Material provided: Begin

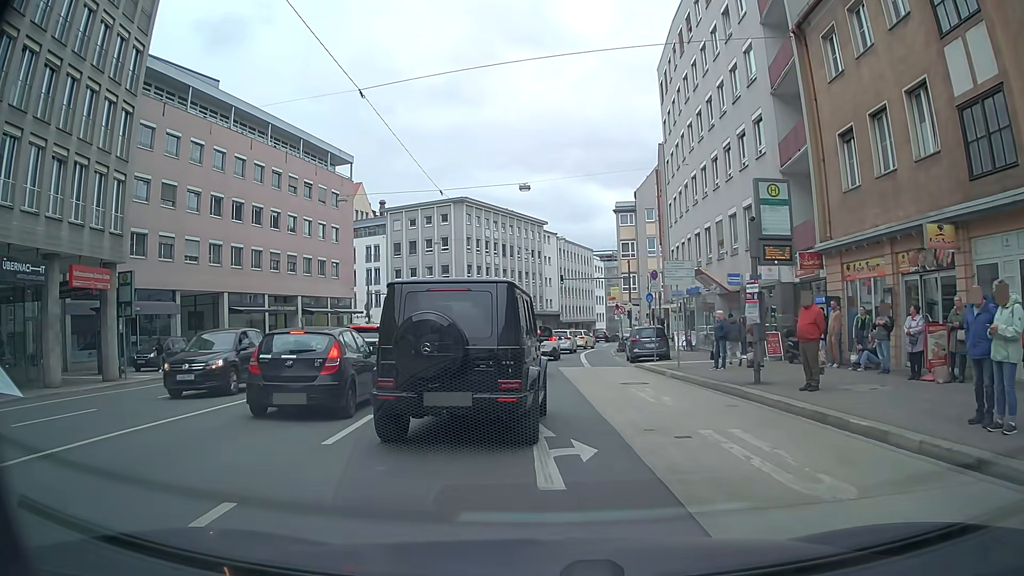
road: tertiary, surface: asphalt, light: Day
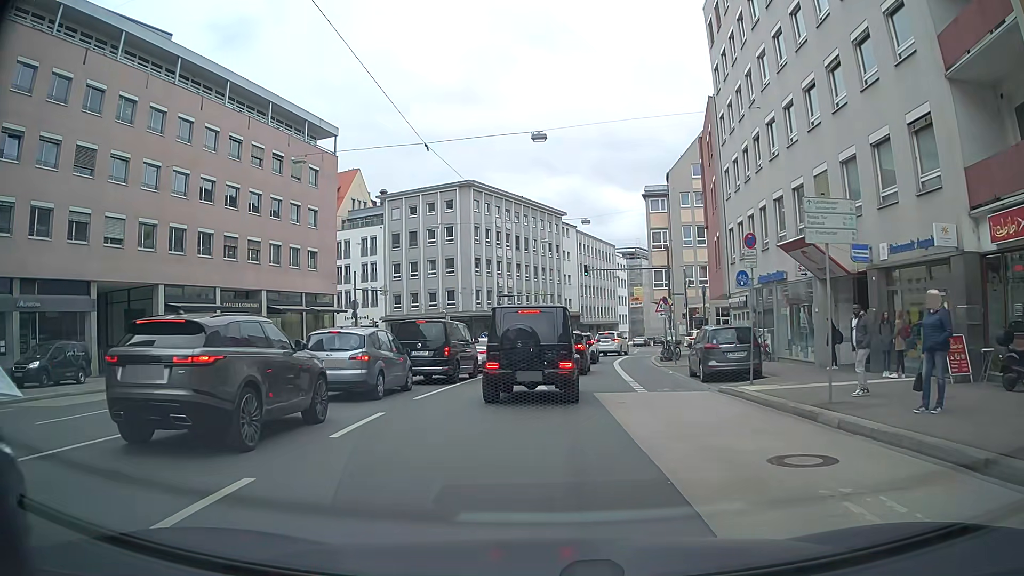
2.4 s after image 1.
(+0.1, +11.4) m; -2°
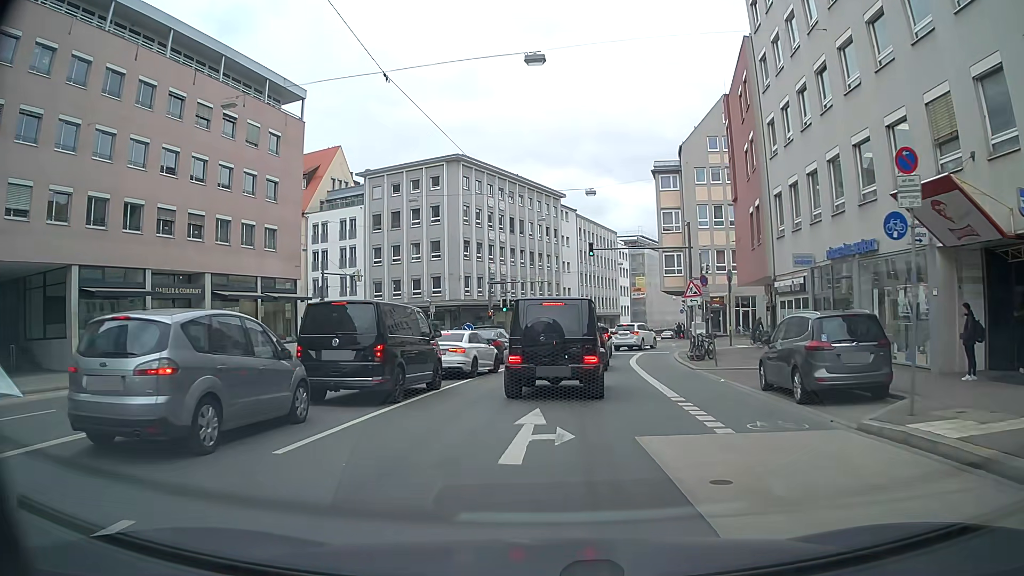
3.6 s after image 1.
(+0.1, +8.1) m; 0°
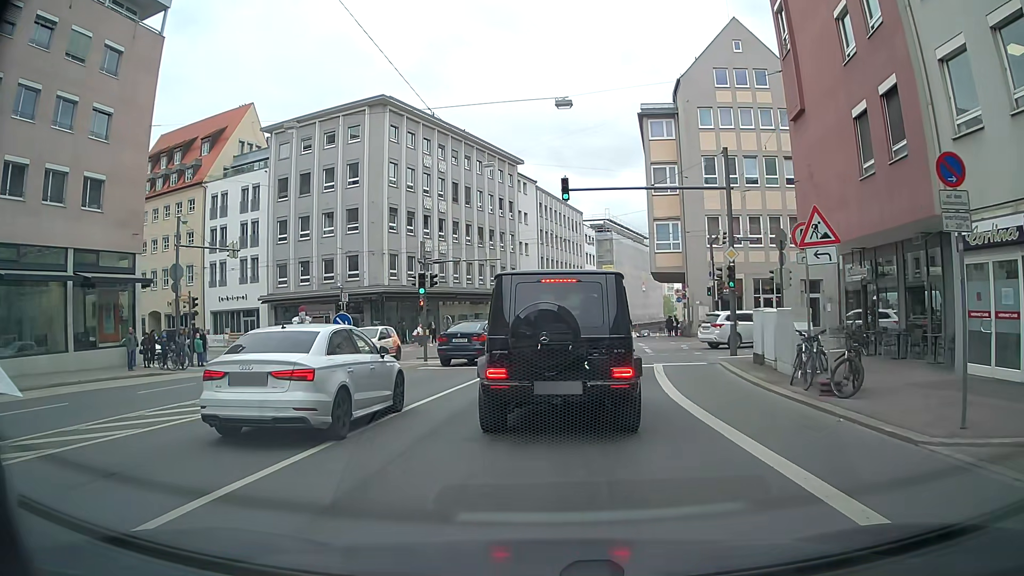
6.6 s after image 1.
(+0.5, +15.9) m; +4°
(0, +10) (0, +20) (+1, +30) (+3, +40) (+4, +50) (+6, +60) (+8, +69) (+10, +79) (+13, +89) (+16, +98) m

Material provided: End

Work instruction.
What is needed is an exact copy of the entries, without any images.

Written reply.
road: tertiary, surface: asphalt, light: Day
2.4 s after image 1.
(+0.1, +11.4) m; -2°
3.6 s after image 1.
(+0.1, +8.1) m; 0°
6.6 s after image 1.
(+0.5, +15.9) m; +4°
(0, +10) (0, +20) (+1, +30) (+3, +40) (+4, +50) (+6, +60) (+8, +69) (+10, +79) (+13, +89) (+16, +98) m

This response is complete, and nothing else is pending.